We run this pipeline, and then we call Train.main
to train a classifier on the data that our pipeline has written.
The method ExamplePOSAnnotator.getWriterDescription
is where we create an create an instance of our CleartkSequenceAnnotator
and configure it with the type of classifier to train.
To train a Mallet CRF model, that method would return something like:
AnalysisEngineFactory.createPrimitiveDescription(
ExamplePOSAnnotator.class,
CleartkSequenceAnnotator.PARAM_IS_TRAINING,
true,
DirectoryDataWriterFactory.PARAM_OUTPUT_DIRECTORY,
outputDirectory,
DefaultSequenceDataWriterFactory.PARAM_DATA_WRITER_CLASS_NAME,
MalletCRFStringOutcomeDataWriter.class);
The current definition of this method actually trains an OpenNLP Maxent model augmented with a viterbi search. See the code for more details.
Most classifiers take some additional training parameters.
The call Train.main(outputDirectory)
just uses the default values of all training parameters, but Train.main(File, String...)
accepts additional String
arguments for additional training parameters.
Each classifier has a different format for these parameters - you may have to inspect the underlying machine learning library to determine what parameters it accepts.
If you run org.cleartk.example.pos.BuildTestExamplePosModel
as it is, it will train a part-of-speech tagging classifier and package it up as target/examples/pos/model.jar
.
Now that we have created a model for part-of-speech tagging we are now ready to tag some parts-of-speech! We just need to set up a UIMA pipeline that creates sentences and tokens and then passes these to our CleartkSequenceAnnotator
which will use the trained model to add the part-of-speech tags.
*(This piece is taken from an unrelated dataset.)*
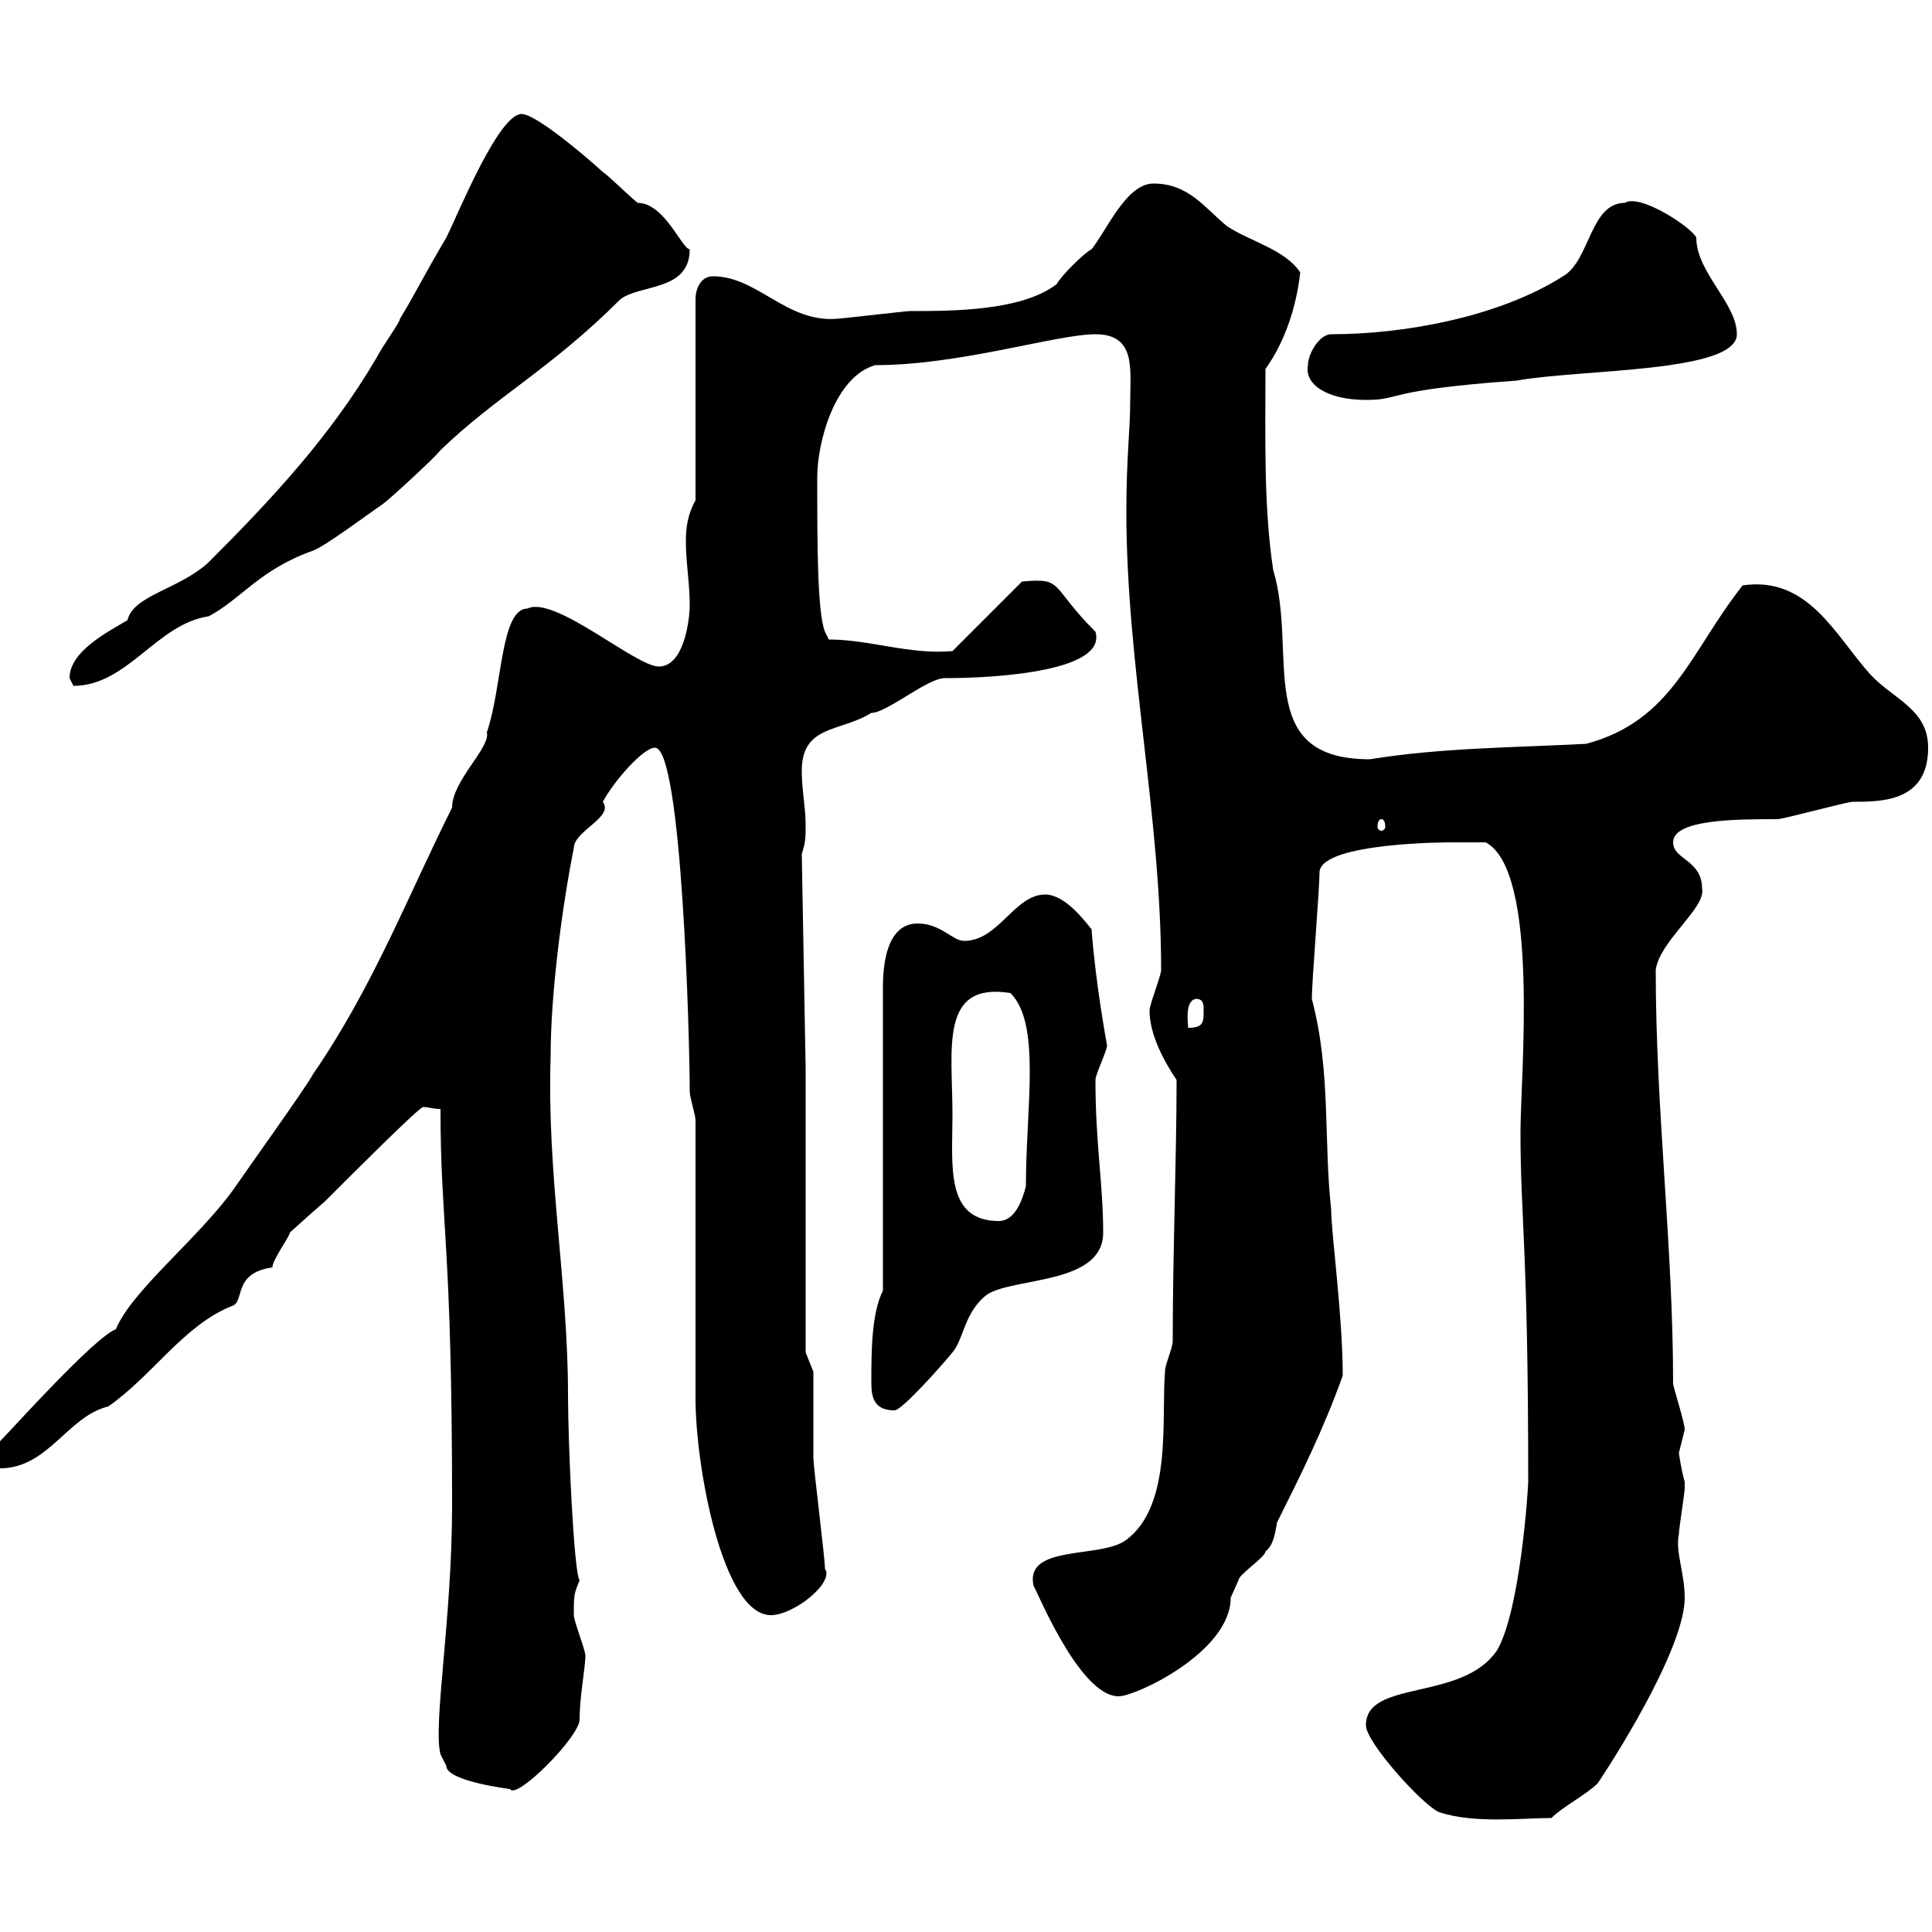 <svg xmlns="http://www.w3.org/2000/svg" xmlns:xlink="http://www.w3.org/1999/xlink" width="300" height="300"><path d="M212.10 267.90C212.10 270.60 221.10 280.50 223.50 281.40C228.90 283.20 236.40 282.30 240.90 282.30C242.70 280.50 246.30 278.70 248.10 276.90C252.30 270.60 261.60 255.30 261.60 248.10C261.60 244.20 260.10 240.90 260.70 238.20C260.70 237.30 261.60 231.90 261.60 231C261.60 231 261.60 231 261.60 230.10C261 228 260.70 225.60 260.70 225.60C260.70 225.60 261.60 222 261.60 222C261.60 220.80 259.80 215.40 259.80 214.80C259.80 193.50 257.10 172.50 257.10 150.60C257.70 146.10 264.90 141 264.30 138C264.30 133.50 259.80 133.50 259.80 130.80C259.80 127.20 269.70 127.20 276 127.20C276.90 127.20 286.80 124.50 287.70 124.50C292.20 124.50 299.40 124.50 299.40 116.10C299.40 110.10 294 108.60 290.40 104.70C285 98.70 280.80 89.40 270.60 90.90C262.50 101.10 259.80 111.90 246.30 115.50C234.90 116.10 223.80 116.10 212.70 117.90C194.40 117.90 201.60 101.40 197.70 88.50C196.20 78.60 196.50 67.80 196.50 57.30C199.50 53.10 201.30 47.70 201.90 42.30C199.50 38.70 194.10 37.50 190.50 35.10C186.90 32.10 184.50 28.50 179.10 28.50C174.90 28.50 171.90 35.70 169.50 38.70C168.30 39.30 164.70 42.90 164.10 44.10C158.70 48.30 147.90 48.30 141.30 48.30C140.70 48.30 130.50 49.50 129.90 49.50C122.10 50.10 117.60 42.90 110.70 42.90C108.90 42.90 108 44.70 108 46.50L108 77.70C106.80 79.80 106.50 81.90 106.50 84C106.50 87.30 107.10 90.60 107.10 93.90C107.10 96.30 106.20 103.50 102.30 103.50C98.70 103.50 86.10 92.40 81.90 94.50C77.70 94.50 78 106.80 75.60 113.70C76.20 116.10 70.20 121.20 70.20 125.40C63.30 139.20 57.90 153.30 48.60 166.80C47.70 168.60 37.80 182.40 36.60 184.20C31.20 192 20.40 200.40 18 206.40C14.70 207.60 1.80 222 0 223.80L0 228C7.50 228 10.50 219.90 16.80 218.40C23.70 213.60 28.50 205.80 36 202.80C38.10 202.20 36 197.70 42.30 196.80C42.30 195.60 45 192 45 191.40C45 191.40 48.30 188.40 50.40 186.60C54.60 182.40 65.10 171.90 65.70 171.90C66.60 171.90 67.20 172.20 68.40 172.20C68.40 190.20 70.20 192.90 70.20 233.70C70.20 251.40 67.20 267.90 68.40 272.40L69.30 274.20C69.30 276.60 79.20 277.80 79.20 277.80C80.10 279.60 90 269.70 90 267C90 263.40 90.90 258.90 90.90 257.10C90.90 256.20 89.10 251.70 89.10 250.80C89.10 247.80 89.10 247.50 90 245.40C89.10 244.20 88.20 224.10 88.20 216.60C88.20 199.20 84.90 182.40 85.50 164.10C85.50 154.20 87.30 140.70 89.10 131.70C89.10 129 95.40 126.90 93.60 124.50C95.40 121.20 99.90 116.10 101.70 116.10C105.90 116.10 107.10 161.40 107.10 169.50C107.10 170.40 108 173.10 108 174C108 180.60 108 211.20 108 217.20C108 227.70 112.20 250.80 119.70 250.80C123.30 250.80 129.60 245.70 128.10 243.60C128.10 241.80 126.30 228 126.30 226.20C126.30 224.40 126.30 214.80 126.30 213L125.10 210L125.10 165.90L124.50 132.60C125.10 130.80 125.10 129.90 125.10 128.10C125.10 125.40 124.50 122.70 124.50 119.70C124.50 112.50 130.50 113.70 135.30 110.70C137.70 110.70 144 105.30 146.70 105.30C155.40 105.30 171.90 104.10 170.10 98.10C162.90 90.90 165.30 89.70 158.70 90.30L147.90 101.10C141.30 101.70 135 99.30 128.70 99.30L128.10 98.10C126.90 95.10 126.90 84.30 126.90 74.10C126.90 68.70 129.60 58.50 135.90 56.70C149.10 56.70 164.10 51.90 170.10 51.90C176.40 51.90 175.50 57.30 175.50 62.10C175.50 66.90 174.90 70.80 174.90 79.50C174.90 103.20 180.30 126.90 180.30 150.60C180.30 151.50 178.50 156 178.50 156.90C178.50 160.80 180.90 165 182.70 167.70C182.70 179.40 182.10 194.70 182.10 208.20C182.10 209.40 180.90 211.80 180.90 213C180.30 220.20 182.10 233.70 174.90 239.10C171 242.10 159 239.70 160.50 246.30C160.50 245.70 167.40 263.40 173.70 263.40C176.40 263.40 191.10 256.50 191.10 248.10C191.10 248.10 192.30 245.40 192.30 245.40C192.30 244.50 196.50 241.80 196.50 240.90C197.70 240 198 238.20 198.30 236.40C201.90 229.20 205.50 222 208.50 213.60C208.50 204.30 206.70 191.40 206.70 187.80C205.50 176.70 206.70 166.50 203.70 155.10C203.70 152.40 204.90 138 204.90 135.30C205.50 130.80 225 130.80 225.30 130.80C226.50 130.80 230.10 130.80 230.70 130.80C239.10 135.30 236.10 167.10 236.10 175.80C236.10 189.30 237.30 193.50 237.30 230.10C237.30 231 236.10 249.90 232.50 256.20C227.10 264.30 212.10 260.70 212.10 267.90ZM135.30 214.80C135.30 217.20 135.90 219 138.90 219C140.10 219 146.70 211.50 147.90 210C149.70 207.90 149.70 203.70 153.30 201C157.50 198.30 171.30 199.50 171.30 191.40C171.30 183.90 170.10 177.60 170.10 167.70C170.10 166.80 171.90 163.20 171.90 162.30C171.90 162.30 170.10 152.70 169.50 144.30C168.30 142.80 165.30 138.90 162.30 138.90C157.50 138.90 155.10 146.10 149.70 146.10C147.90 146.10 146.10 143.40 142.50 143.40C137.70 143.40 137.10 149.70 137.10 153.30L137.10 200.40C135.30 204 135.30 210 135.30 214.80ZM147.90 173.10C147.90 162.90 145.80 152.40 156.90 154.20C161.70 159 159.30 171.90 159.30 184.20C158.70 186.60 157.50 189.60 155.10 189.60C146.70 189.60 147.90 180.90 147.90 173.10ZM185.70 155.10C186.90 155.10 186.90 156 186.90 156.90C186.90 158.70 186.90 159.60 184.50 159.60C184.50 159 183.90 155.40 185.70 155.10ZM214.50 127.20C214.80 127.20 215.10 127.50 215.10 128.40C215.10 128.70 214.80 129 214.50 129C214.20 129 213.90 128.70 213.90 128.40C213.90 127.50 214.20 127.20 214.50 127.20ZM10.80 105.30C10.80 105.30 11.40 106.50 11.40 106.50C19.80 106.50 24.30 96.90 32.40 95.70C37.50 93 40.20 88.50 48.60 85.50C50.40 84.90 57.60 79.50 59.40 78.30C60.30 77.70 67.50 71.10 68.40 69.90C77.10 61.50 85.50 57.30 96.30 46.50C99.30 44.10 107.10 45.30 107.10 38.70C105.90 38.70 103.20 31.50 99 31.50C96.90 29.70 94.50 27.30 93.60 26.70C90.30 23.70 83.10 17.70 81 17.70C77.40 17.70 71.10 33.30 69.30 36.90C65.40 43.50 64.50 45.60 62.10 49.50C62.10 50.10 59.40 53.70 58.50 55.50C51.30 67.80 42 77.70 32.40 87.30C27.90 91.50 20.70 92.40 19.80 96.30C16.80 98.10 10.80 101.10 10.80 105.30ZM203.10 56.70C202.50 59.70 206.10 62.10 212.10 62.10C217.80 62.10 214.50 60.60 235.50 59.10C245.40 57.30 269.70 57.90 269.70 51.90C269.70 47.10 263.40 42.30 263.40 36.90C262.80 35.40 254.70 30 252.30 31.50C246.90 31.50 246.90 40.50 242.70 42.90C232.80 49.20 218.10 51.90 206.70 51.90C204.90 51.90 203.10 54.90 203.10 56.70Z"/></svg>

The code that performs these steps is in org.cleartk.example.pos.RunExamplePOSAnnotator
and looks like:
// A collection reader that creates one CAS per file, containing the file's URI
CollectionReader reader = UriCollectionReader.getCollectionReaderFromFiles(files);
// The pipeline of annotators
AggregateBuilder builder = new AggregateBuilder();
// An annotator that reads in the file text
builder.add(UriToDocumentTextAnnotator.getDescription());
// An annotator that adds Sentence annotations
builder.add(SentenceAnnotator.getDescription());
// An annotator that adds Token annotations
builder.add(TokenAnnotator.getDescription());
// The POS annotator, configured to make predictions
builder.add(ExamplePOSAnnotator.getClassifierDescription(ExamplePOSAnnotator.DEFAULT_MODEL));
// Run the pipeline of annotators on each of the CASes produced by the reader
SimplePipeline.runPipeline(reader, builder.createAggregateDescription());
The only new things in this snippet are the use of org.cleartk.syntax.opennlp.SentenceAnnotator
, which wraps OpenNLP’s sentence segmenter, org.cleartk.token.tokenizer.TokenAnnotator
, which is a PennTreeBank-style tokenizer, and ExamplePOSAnnotator.getClassifierDescription
, which just creates an instance of our `` and configures it for prediction, like so:
AnalysisEngineFactory.createPrimitiveDescription(
ExamplePOSAnnotator.class,
GenericJarClassifierFactory.PARAM_CLASSIFIER_JAR_PATH,
modelFileName);
The code in org.cleartk.example.pos.RunExamplePOSAnnotator
contains one additional annotator to take the part-of-speech tags added to the CAS
by our annotator and write them to a file.
If you run this class as it is, it will produce a file target/examples/pos/2008_Sichuan_earthquake.txt.pos
. Please open this file and observe the results.
You have successfully created a part-of-speech tagger and run it to tag text!